Let $\{X_{i}\}$ for $i=1,2,\ldots,n$ denote a sample of $n$ transaction amounts housed by a governmental institution. We assume that the transactions follow a Gamma distribution with density given by

f(x;\alpha,\beta)=\frac{\beta^{\alpha}}{\Gamma(\alpha)}x^{\alpha-1}e^{-\beta x% }\quad\mbox{ for }x>0

(1)

and $\alpha$ , $\beta>0$ . The term $F(x;\alpha,\beta)$ will represent the gamma cumulative distribution function (CDF) having parameters $\alpha$ and $\beta$ . Then define

U_{i}=\hat{F}(X_{i}),\quad\quad\mbox{ for }i=1,2,\ldots,n.

(2)

When $\hat{\alpha}$ and $\hat{\beta}$ are obtained via MLE estimation. However, the distributional assumptions will never accommodate reality in all cases. The CDF transforms in (2) of the data to obtain “uniform-like” nearly independent and nearly identically distributed random variables. The phrase uniform-like acknowledges that the gamma density does not capture the distribution of the transactions; however, as we will show, the gamma fits are robust faulty model assumptions in the ensuing methodology.

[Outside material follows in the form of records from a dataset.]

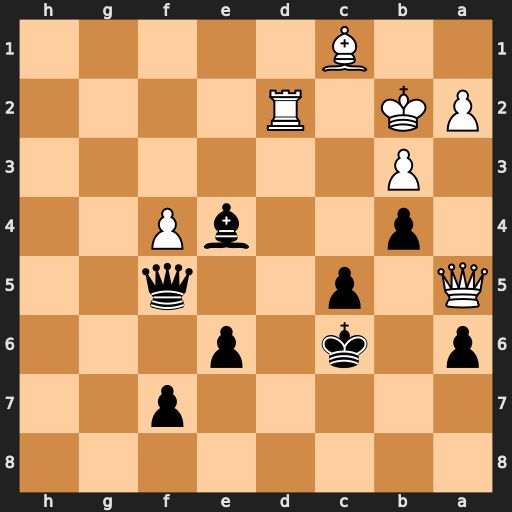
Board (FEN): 8/5p2/p1k1p3/Q1p2q2/1p2bP2/1P6/PK1R4/2B5
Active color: b
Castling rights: -
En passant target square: -
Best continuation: Qf6+ Rd4 Qxd4#

The novel mechanism to “filter” uniform-like random variables into clustered and non-clustered transaction data utilizes a familiar result from order statistics. Let $\{W_{i}\}_{i=1}^{n}$ be an i.i.d. sequence of uniformly distributed random variables on $(0,1)$ . Let $W_{(i)}$ be the $i$ th order statistic, whereby

0<W_{(1)}<W_{(2)}<\cdots<W_{(n)}<1,

and we set $W_{(n+1)}=1$ . The inequalities are strict with probability 1. A classic result dating back to Malmquist [1950] states that for $i=1,2,\ldots,n$

V_{i}=\left(\frac{W_{(i)}}{W_{(i+1)}}\right)^{i}

(3)

are i.i.d. such that $V_{i}$ is uniformly distributed on (0,1). The sequence $\{V_{i}\}$ compels the methodology. We replace the uniform $W_{i}$ s in (3) with the uniform-like $U_{i}$ s from (2).

The idea is as follows: whenever an alien clustering or atypical concentrations are present, successive $U_{(i)}$ s will be much closer together than expected. Subsequently, the associated $V_{i}$ s will be close to unity. The task is then to formalize an approach to statistically test if too many $V_{i}$ s are too close to unity. Interestingly, the $V_{i}$ s are surprisingly robust to $U_{i}$ s departure from a ”uniform-like” distribution.

A segmented density is fit to the $V_{i}$ s:

f(v;\theta_{1},\theta_{2})=\left\{\begin{array}[]{ll}\frac{\theta_{2}}{\theta_% {1}},&v\in(0,\theta_{1})\\ \\ \frac{1-\theta_{2}}{1-\theta_{1}},&v\in[\theta_{1},1),\end{array}\right.

(4)

where $v\in(0,1)$ and parameters $\theta_{2}\in(0,1)$ and $\theta_{1}\in(0,1)$ . Note that when $\theta_{1}=\theta_{2}$ , (4) reduces to the density of a uniformly distributed random variable on $(0,1)$ . Novel statistical theory and practical results are presented.

References

J. M. Griffin, S. Kruger, and P. Mahajan (2023) Did fintech lenders facilitate ppp fraud?. The Journal of Finance 78 (3), pp. 1777–1827. Cited by: §1.
S. Malmquist (1950) On a property of order statistics from a rectangular distribution. Scandinavian Actuarial Journal 1950 (3-4), pp. 214–222. Cited by: §2.
J. Woody, Z. Zhao, R. Lund, and T. Wu (2024) A forensic statistical analysis of fraud in the federal food stamp program. The Annals of Applied Statistics 18 (3), pp. 2486–2510. Cited by: §1.